I thought I understood. “Are you thinking of Rose in my office?”
Rose was one of the Knight Science Journalism fellows this year, who was interested in an article I’d written on NASA’s Wilkinson Microwave Anisotropy Probe. She had come to talk with me on a day when Jack was hanging out in my office after school. Rose was both younger and less glamorous than Charlie in that photograph, but she was a tall Nigerian woman with short hair; I thought she was the only person Jack might have seen in my office whom he could have confused with Charlie.
“Rose?” Jack said incredulously. “I know Rose. She got me the CMB with googly eyes.”
I had told the Knight fellows that Jack was curious about the cosmic microwave background. Sometimes it feels like I end up regretting every anecdote I allow myself to tell about my son at work. Anyone would be attracted to the brightly colored map of the early universe created by NASA’s WMAP—an especially pretty golden satellite that spins around the project’s home page in animated form. A basic version of the concept—that the satellite took a picture of light left over from the Big Bang, teaching us a lot about the history of the universe—is possible to explain even to a six-year-old; it didn’t signify anything exceptional about my child that he was interested.
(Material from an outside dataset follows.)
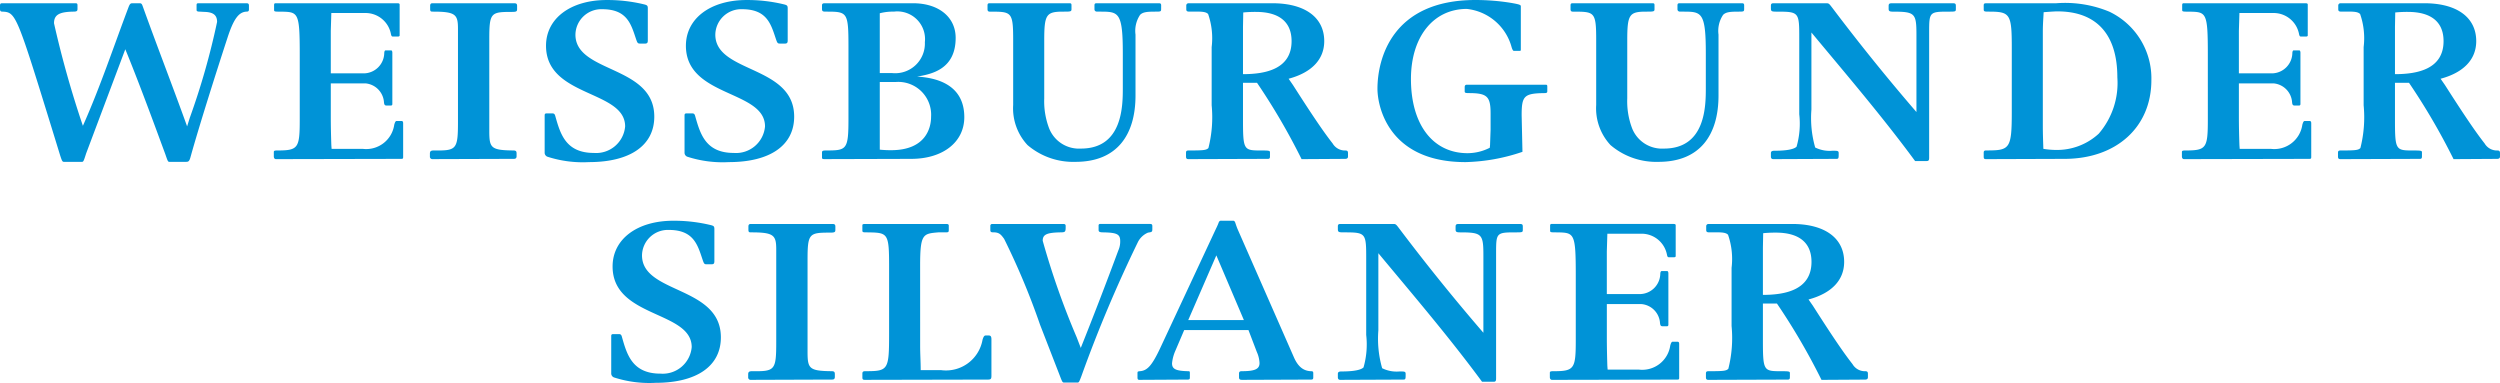<?xml version="1.0" encoding="UTF-8"?> <svg xmlns="http://www.w3.org/2000/svg" viewBox="0 0 594.839 91.128"><path d="M168.113,62.884c-.578,0-.638-.192-1.029-1.352-1.154-3.476-2.183-6.824-7.966-6.824a6.157,6.157,0,0,0-6.361,6.052c0,9.208,18.764,7.212,18.764,19.512,0,6.824-5.718,10.816-15.548,10.816A27.311,27.311,0,0,1,146.08,89.8a1.022,1.022,0,0,1-.647-1.028V79.948c0-.32.132-.452.455-.452h1.409c.451,0,.583.26.711.776,1.157,4.056,2.438,8.628,9.119,8.628a6.92,6.92,0,0,0,7.454-6.312c0-8.692-18.824-6.888-18.824-19.188,0-6.504,5.846-10.88,14.458-10.88a37.078,37.078,0,0,1,8.86,1.028c.774.192.902.324.902.964v7.6c0,.58-.128.772-.706.772Zm30.65-8.176c0,.516-.192.64-1.154.64-5.08,0-5.463.132-5.463,6.508v21.76c0,4.06.323,4.64,5.655,4.704.642,0,.838.132.838.712v.64c0,.452-.196.64-.646.64l-19.336.068a.576.576,0,0,1-.639-.644v-.64c0-.58.188-.776.958-.776,5.4.064,5.719-.192,5.719-6.952V59.408c0-3.412-.515-4.12-5.906-4.12-.519,0-.715,0-.715-.644v-.772c0-.324.132-.58.519-.58h19.463c.579,0,.707.192.707.64Zm20.173,27.624c0,1.868.132,3.8.132,5.732h4.817a8.834,8.834,0,0,0,9.893-7.212c.256-.84.451-1.032.77-1.032h.639c.519,0,.71.192.71.968v8.628c0,.708-.127.9-.838.9l-29.292.064c-.447,0-.575-.128-.575-.58v-.9c0-.452.192-.58.702-.58,5.464,0,5.655-.256,5.655-8.952V63.464c0-8.048-.255-8.112-5.204-8.176-.961,0-1.157,0-1.157-.452V53.612c0-.256.196-.32.646-.32H225.23c.319,0,.519.128.519.384v.968c0,.58-.068.644-.771.644h-1.736c-3.595.32-4.31.32-4.31,7.856Zm16.698-28.588a.431.431,0,0,1,.387-.452h17.021c.323,0,.519.128.519.452,0,1.416,0,1.544-1.289,1.544-3.213.064-4.175.516-4.175,1.996a186.448,186.448,0,0,0,8.094,22.988l.965,2.512q4.608-11.534,8.928-23.18a5.199,5.199,0,0,0,.451-2.256c0-1.608-.77-2-3.983-2.06-.898,0-1.157-.128-1.157-.58V53.676a.34.34,0,0,1,.387-.388h11.821c.383,0,.578.064.578.516v.772c0,.64-.195.64-1.029.772a4.765,4.765,0,0,0-2.375,2.192,319.935,319.935,0,0,0-13.489,32c-.519,1.356-.583,1.48-.906,1.48h-3.208c-.388,0-.451-.192-1.094-1.864l-4.625-11.92a172.29,172.29,0,0,0-8.541-20.408c-.71-.964-1.097-1.48-2.314-1.544-.711,0-.966,0-.966-.58Zm46.13,24.788-2.119,4.96a9.67,9.67,0,0,0-.775,2.96c0,1.352.902,1.804,3.796,1.868.447,0,.447.064.447.58v.9c0,.452-.128.516-.579.516L271.1,90.38c-.323,0-.451-.128-.451-.58v-.964c0-.452.064-.452.579-.516,1.736-.128,2.826-1.288,4.757-5.344l13.357-28.592a14.955,14.955,0,0,0,.647-1.48.574.574,0,0,1,.642-.388h2.762c.255,0,.387.132.515.452.191.58.387,1.16.642,1.74l13.298,30.264c1.029,2.38,2.378,3.284,4.046,3.348.515,0,.579.128.579.516V89.8c0,.452-.195.516-.515.516l-16.382.064c-.579,0-.77-.128-.77-.644V88.9c0-.452.191-.58.706-.58,3.085,0,4.175-.516,4.175-1.932a7.201,7.201,0,0,0-.643-2.64l-1.991-5.216ZM289.41,60.76l-6.684,15.392h13.237Zm28.914-6.888c0-.388.127-.58.582-.58h12.651c.579,0,.647.128,1.481,1.224q9.554,12.651,19.914,24.66V60.824c0-5.148-.319-5.536-5.587-5.536-.902,0-1.03-.192-1.03-.708v-.644c0-.516.192-.644.77-.644h14.527c.571,0,.698.128.698.644v.708c0,.58-.059.644-1.412.644-4.881,0-4.945,0-4.945,4.96V90.06c0,.58-.132.772-.579.772h-2.761c-7.778-10.56-16.319-20.54-24.672-30.584V78.6a25.417,25.417,0,0,0,.902,9.012,7.737,7.737,0,0,0,4.111.772c1.221,0,1.477,0,1.477.58,0,1.224,0,1.352-.579,1.352l-14.966.064c-.387,0-.582-.192-.582-.644v-.772c0-.384.199-.58.838-.58,1.349,0,4.366-.064,5.268-.964a19.718,19.718,0,0,0,.638-7.728V61.728c0-6.184,0-6.44-5.068-6.44-1.421,0-1.676,0-1.676-.772Zm64.188,34.064h7.391a6.731,6.731,0,0,0,7.511-5.732c.131-.448.259-.84.518-.9h1.158c.319,0,.447.128.447.58v7.984c0,.388-.064.452-.515.452l-29.744.064c-.319,0-.514-.26-.514-.644V88.708c0-.32.199-.384.77-.384,5.076,0,5.399-.52,5.399-7.472V65.592c0-10.24-.319-10.24-4.565-10.304-1.409,0-1.541,0-1.541-.448V53.676c0-.128.064-.388.26-.388h29.101c.323,0,.519.064.519.32v7.348c0,.128-.136.256-.391.256h-1.158c-.319,0-.387-.064-.511-.52a6.149,6.149,0,0,0-6.297-5.08h-7.902l-.128,4.248V69.972h7.902a4.921,4.921,0,0,0,4.817-4.768c0-.256.064-.704.323-.704h1.349c.128,0,.256.256.256.512V77.248a.339.339,0,0,1-.387.384h-.958c-.455,0-.583-.192-.647-.772a4.834,4.834,0,0,0-4.43-4.508h-8.221v8.116c0,2.188.06,4.636.12,6.568Zm36.947-15.712v8.18c0,7.92.064,7.92,4.43,7.92,1.804,0,1.991.064,1.991.448v.968c0,.448-.128.58-.519.58l-18.88.064c-.451,0-.579-.2-.579-.644V88.9c0-.512.192-.576.707-.576,3.468,0,4.11-.068,4.625-.58a29.855,29.855,0,0,0,.77-10.176V63.724a17.509,17.509,0,0,0-.838-7.856c-.638-.708-2.115-.58-4.43-.58-.578,0-.77-.128-.77-.58v-.84a.531.531,0,0,1,.132-.4.525.525,0,0,1,.383-.176h19.978c7.71,0,12.331,3.348,12.331,9.016,0,4.316-2.953,7.468-8.476,8.948l1.03,1.48c4.689,7.344,7.319,11.208,9.442,13.912a3.396,3.396,0,0,0,3.021,1.676c.451,0,.638.128.638.64v.776c0,.384-.187.58-.702.58l-10.344.064a154.625,154.625,0,0,0-10.6-18.16Zm0-2.06c5.396,0,11.561-1.224,11.561-7.856,0-4.572-2.957-6.96-8.48-6.96a29.803,29.803,0,0,0-3.017.136l-.064,3.412ZM0,1.356c0-.52.192-.58.515-.58H17.927c.383,0,.511.064.511.516v.836c0,.516-.192.64-1.026.64-3.344.064-4.561.772-4.561,2.768A241.03,241.03,0,0,0,19.723,29.94c4.114-9.208,7.387-19.06,10.923-28.396.255-.58.383-.772.898-.772h1.672c.514,0,.578.256.834.968,3.404,9.464,7.067,18.864,10.472,28.332l.642-2.06A172.482,172.482,0,0,0,51.653,5.216c0-1.612-.898-2.32-2.953-2.384l-1.225-.064c-.511,0-.703-.128-.703-.388V1.224c0-.388.124-.452.511-.452H58.657c.451,0,.575.192.575.58v.84c0,.448-.124.576-.639.576-1.8.128-3.021,1.74-4.497,6.312-2.443,7.468-6.685,20.8-8.74,28.2-.32,1.228-.579,1.228-1.217,1.228H40.283c-.323,0-.387-.196-.965-1.868l-.834-2.256c-.388-1.032-5.141-14.104-8.673-22.664L20.493,36.516c-.575,1.8-.639,2-1.026,2H15.293c-.451,0-.515-.136-.966-1.488l-1.604-5.216C3.983,3.476,3.791,2.896.579,2.768.128,2.768,0,2.576,0,2.128Zm78.899,34.06H86.29a6.739,6.739,0,0,0,7.514-5.732c.128-.448.256-.836.515-.9h1.153c.324,0,.451.128.451.58v7.984c0,.388-.063.452-.514.452l-29.744.064c-.319,0-.515-.26-.515-.64V36.188c0-.32.196-.384.774-.384,5.073,0,5.396-.516,5.396-7.472V13.076c0-10.24-.323-10.24-4.562-10.304-1.412,0-1.544,0-1.544-.448V1.164c0-.128.064-.388.259-.388H94.574c.324,0,.515.064.515.324V8.44c0,.128-.127.256-.387.256H93.545c-.319,0-.383-.064-.511-.516A6.149,6.149,0,0,0,86.737,3.1H78.835l-.128,4.244V17.456h7.902a4.919,4.919,0,0,0,4.817-4.768c0-.256.064-.704.323-.704h1.349c.128,0,.255.256.255.512v12.24a.34.34,0,0,1-.383.38h-.966c-.451,0-.578-.192-.642-.772a4.835,4.835,0,0,0-4.43-4.508H78.707v8.12c0,2.184.064,4.632.128,6.564ZM123.037,2.188c0,.52-.192.644-1.157.644-5.077,0-5.46.128-5.46,6.504V31.1c0,4.056.319,4.64,5.655,4.7.639,0,.838.132.838.712v.64c0,.452-.199.644-.646.644l-19.34.064a.579.579,0,0,1-.638-.64v-.64c0-.584.191-.78.962-.78,5.395.064,5.718-.192,5.718-6.952V6.888c0-3.412-.514-4.12-5.906-4.12-.519,0-.714,0-.714-.64V1.352c0-.32.131-.58.518-.58h19.464c.578,0,.706.192.706.644Zm29.237,8.18c-.579,0-.639-.192-1.03-1.352-1.153-3.476-2.183-6.824-7.966-6.824a6.157,6.157,0,0,0-6.361,6.052c0,9.208,18.761,7.212,18.761,19.512,0,6.824-5.719,10.816-15.544,10.816a27.316,27.316,0,0,1-9.894-1.288,1.021,1.021,0,0,1-.646-1.028v-8.82c0-.32.132-.452.451-.452h1.413c.451,0,.578.26.706.776,1.157,4.056,2.442,8.628,9.123,8.628a6.921,6.921,0,0,0,7.455-6.312c0-8.692-18.825-6.888-18.825-19.188,0-6.504,5.847-10.884,14.455-10.884a37.121,37.121,0,0,1,8.864,1.032c.774.192.901.324.901.964V9.6c0,.58-.127.772-.706.772Zm33.283,0c-.579,0-.638-.192-1.029-1.352-1.154-3.476-2.183-6.824-7.966-6.824A6.158,6.158,0,0,0,170.2,8.244c0,9.208,18.761,7.212,18.761,19.512,0,6.824-5.719,10.816-15.544,10.816a27.308,27.308,0,0,1-9.893-1.288,1.021,1.021,0,0,1-.647-1.028v-8.82c0-.32.132-.452.451-.452h1.413c.451,0,.579.26.706.776,1.158,4.056,2.443,8.628,9.123,8.628a6.921,6.921,0,0,0,7.455-6.312c0-8.692-18.824-6.888-18.824-19.188,0-6.504,5.846-10.884,14.454-10.884a37.121,37.121,0,0,1,8.864,1.032c.774.192.902.324.902.964V9.6c0,.58-.128.772-.707.772Zm10.025-9.08c0-.388.2-.516.643-.516h21.007c6.106,0,10.153,3.284,10.153,8.244,0,7.468-5.719,8.628-9.187,9.208,4.366.256,11.242,1.736,11.242,9.656,0,5.924-5.076,9.92-12.651,9.92l-20.628.06c-.515,0-.579-.128-.579-.384V36.38c0-.516.128-.58,1.157-.58,4.753,0,5.141-.256,5.141-7.596V11.14c0-8.372-.26-8.372-5.46-8.372-.579,0-.838-.064-.838-.64ZM209.33,17.384h2.894a7.066,7.066,0,0,0,7.834-7.34,6.588,6.588,0,0,0-7.383-7.276,12.132,12.132,0,0,0-3.345.388Zm0,18.224a25.328,25.328,0,0,0,2.698.128c8.421,0,9.51-5.536,9.51-7.92a7.818,7.818,0,0,0-8.48-8.3H209.33ZM276.276,2.124c0,.644-.123.644-1.408.644-2.06,0-2.962.128-3.604.772a6.847,6.847,0,0,0-1.086,4.7V22.728c0,9.34-4.373,15.78-14.267,15.78a16.733,16.733,0,0,1-11.429-3.992,12.827,12.827,0,0,1-3.413-9.532V9.532c0-6.76-.379-6.76-5.519-6.76-.391,0-.583-.132-.583-.584v-.9c0-.452.192-.516.519-.516h18.949c.383,0,.51.064.51.452v.964c0,.58-.255.58-1.991.58-4.047,0-4.494.708-4.494,6.892V23.44a18.096,18.096,0,0,0,1.158,7.084,7.633,7.633,0,0,0,7.582,4.828c9.957,0,9.957-10.24,9.957-14.488v-8.18c0-9.916-1.025-9.916-5.523-9.916h-.579c-.387,0-.642-.192-.642-.58v-.9c0-.388.128-.516.515-.516h14.774c.387,0,.578.064.578.52Zm19.476,17.58v8.18c0,7.92.063,7.92,4.429,7.92,1.804,0,1.992.064,1.992.448v.968c0,.448-.124.58-.511.58l-18.889.064c-.451,0-.578-.196-.578-.64v-.84c0-.516.191-.58.706-.58,3.468,0,4.111-.068,4.626-.58a29.88,29.88,0,0,0,.77-10.176V11.208a17.525,17.525,0,0,0-.838-7.86c-.639-.708-2.115-.58-4.43-.58-.579,0-.77-.128-.77-.58V1.352a.527.527,0,0,1,.514-.58h19.978c7.711,0,12.332,3.348,12.332,9.016,0,4.32-2.953,7.468-8.476,8.948l1.029,1.484c4.689,7.34,7.323,11.204,9.443,13.908a3.4,3.4,0,0,0,3.021,1.68c.451,0,.638.124.638.64v.772c0,.384-.187.58-.702.58l-10.344.064a154.625,154.625,0,0,0-10.6-18.16Zm0-2.06c5.395,0,11.561-1.224,11.561-7.856,0-4.572-2.953-6.956-8.48-6.956a29.807,29.807,0,0,0-3.018.132l-.063,3.412Zm66.495,18.48a44.903,44.903,0,0,1-13.557,2.448c-18.438,0-20.944-13.396-20.944-17.452,0-6.956,3.34-21.12,23.322-21.12a52.835,52.835,0,0,1,8.609.708c1.799.324,2.182.452,2.182.772V11.848c0,.192-.063.256-.319.256h-1.349c-.127,0-.319-.192-.514-.836a12.407,12.407,0,0,0-10.664-9.144c-7.966,0-13.297,6.632-13.297,16.68,0,10.816,5.2,17.644,13.489,17.644a11.718,11.718,0,0,0,5.267-1.292l.064-.64.128-3.672V26.98c0-4.056-.834-4.828-5.204-4.828-.898,0-.958-.128-.958-.452v-.968c0-.32.124-.576.511-.576H367.77c.323,0,.387.128.387.448V21.7c0,.324-.128.452-.639.452-4.888.064-5.463.64-5.463,5.28Zm52.75-34c0,.644-.127.644-1.413.644-2.055,0-2.957.128-3.599.772a6.844,6.844,0,0,0-1.09,4.7V22.728c0,9.34-4.37,15.78-14.263,15.78a16.755,16.755,0,0,1-11.438-3.992,12.84,12.84,0,0,1-3.404-9.532V9.532c0-6.76-.383-6.76-5.523-6.76-.387,0-.579-.132-.579-.584v-.9c0-.452.192-.516.515-.516h18.952c.384,0,.511.064.511.452v.964c0,.58-.255.58-1.995.58-4.043,0-4.49.708-4.49,6.892V23.44a18.093,18.093,0,0,0,1.154,7.084,7.633,7.633,0,0,0,7.582,4.828c9.957,0,9.957-10.24,9.957-14.488v-8.18c0-9.916-1.025-9.916-5.523-9.916h-.579c-.387,0-.642-.192-.642-.58v-.9c0-.388.127-.516.511-.516h14.778c.387,0,.578.064.578.52Zm6.366-.768c0-.388.127-.58.578-.58h12.655c.579,0,.643.128,1.481,1.224q9.554,12.651,19.914,24.66V8.308c0-5.148-.323-5.536-5.591-5.536-.898,0-1.026-.192-1.026-.708V1.42c0-.52.192-.644.77-.644h14.519c.579,0,.706.128.706.64v.712c0,.58-.064.64-1.412.64-4.881,0-4.945,0-4.945,4.96V37.544c0,.58-.132.772-.579.772h-2.765C447.894,27.756,439.349,17.776,431,7.732V26.084a25.439,25.439,0,0,0,.898,9.012,7.758,7.758,0,0,0,4.111.772c1.221,0,1.48,0,1.48.58,0,1.224,0,1.352-.578,1.352l-14.97.064c-.387,0-.578-.192-.578-.644v-.772c0-.384.191-.58.834-.58,1.349,0,4.37-.064,5.268-.964a19.813,19.813,0,0,0,.642-7.728V9.212c0-6.184,0-6.44-5.076-6.44-1.413,0-1.668,0-1.668-.772Zm50.631,0c0-.52.128-.58.706-.58h16.51a27.469,27.469,0,0,1,12.655,1.996A17.551,17.551,0,0,1,511.89,19.06c0,11.208-8.352,18.74-20.688,18.74l-18.629.064c-.451,0-.579-.128-.579-.58v-.968c0-.324.128-.52.519-.52,5.647,0,6.162-.252,6.162-9.08V11.332c0-7.984-.387-8.564-5.4-8.564-1.025,0-1.277,0-1.277-.52Zm14.068,28.52c0,1.872.064,3.672.127,5.54a19.17,19.17,0,0,0,2.958.26,14.647,14.647,0,0,0,10.216-3.864,18.474,18.474,0,0,0,4.43-13.4c0-10.232-4.945-15.704-14.263-15.704-.77,0-2.311.128-3.273.192-.068,1.416-.195,2.832-.195,4.636Zm46.84,5.54h7.391a6.74,6.74,0,0,0,7.515-5.732c.127-.448.255-.836.518-.9h1.15c.323,0,.451.128.451.58v7.984c0,.388-.064.452-.515.452l-29.744.064c-.319,0-.514-.26-.514-.64V36.188c0-.32.199-.384.774-.384,5.072,0,5.395-.516,5.395-7.472V13.076c0-10.24-.319-10.24-4.561-10.304-1.413,0-1.545,0-1.545-.448V1.164c0-.128.064-.388.26-.388h29.101c.323,0,.519.064.519.324V8.44c0,.128-.132.256-.391.256h-1.158c-.319,0-.383-.064-.511-.516A6.149,6.149,0,0,0,540.74,3.1h-7.902l-.128,4.244V17.456h7.902a4.921,4.921,0,0,0,4.817-4.768c0-.256.064-.704.323-.704h1.349c.128,0,.256.256.256.512v12.24a.343.343,0,0,1-.098.285.339.339,0,0,1-.285.095h-.966c-.451,0-.579-.192-.639-.772a4.835,4.835,0,0,0-4.438-4.508H532.71v8.12c0,2.184.064,4.632.128,6.564Zm36.947-15.712v8.18c0,7.92.064,7.92,4.43,7.92,1.804,0,1.991.064,1.991.448v.968c0,.448-.124.58-.511.58l-18.888.064c-.451,0-.579-.196-.579-.64v-.84c0-.516.192-.58.707-.58,3.468,0,4.114-.068,4.625-.58a29.856,29.856,0,0,0,.77-10.176V11.208a17.512,17.512,0,0,0-.834-7.86c-.643-.708-2.119-.58-4.434-.58-.578,0-.77-.128-.77-.58V1.352a.528.528,0,0,1,.515-.58h19.978c7.71,0,12.335,3.348,12.335,9.016,0,4.32-2.953,7.468-8.48,8.948l1.03,1.484c4.689,7.34,7.323,11.204,9.442,13.908a3.4,3.4,0,0,0,3.021,1.68c.451,0,.642.124.642.64v.772c0,.384-.191.58-.706.58l-10.344.064a154.625,154.625,0,0,0-10.6-18.16Zm0-2.06c5.396,0,11.561-1.224,11.561-7.856,0-4.572-2.953-6.956-8.48-6.956a29.8,29.8,0,0,0-3.017.132l-.064,3.412Z" style="fill:#0093d7"></path></svg>

Nevertheless, Rose had managed to find a cosmic microwave background stuffed toy (an item that could have been procured only in the immediate vicinity of MIT) and bring it in for Jack, and so naturally he remembered her.
“So who did you see in my office who looked like Charlie?”
“Not your work office,” Jack said. “Upstairs.”
I was lost. “Here?”
Now Jack finally looked at the picture on the calendar. “She’s pretty.”
“Yep.”
If he doesn’t want to answer a question, you can’t push him. I waited, and sure enough, he continued.
“She was sitting at your desk, and I said, ‘Hi.’ I scared her.” He smiled, as if at a real memory. “She—” He jumped a little in his chair and opened his eyes wide, a parody of adult surprise.
I have always thought that if there were ghosts, they would be unlikely to act as purposefully as they do in popular representations. It didn’t make sense to think of incorporeal human beings who nevertheless retained all of the preoccupations of the living. If they appeared among us, I thought it would be in the manner of subatomic particles, appearing and disappearing according to the energy transfers of quantum mechanics; and further, that our ability to perceive anything about them would be severely limited, just as all interactions between classical and quantum systems are limited.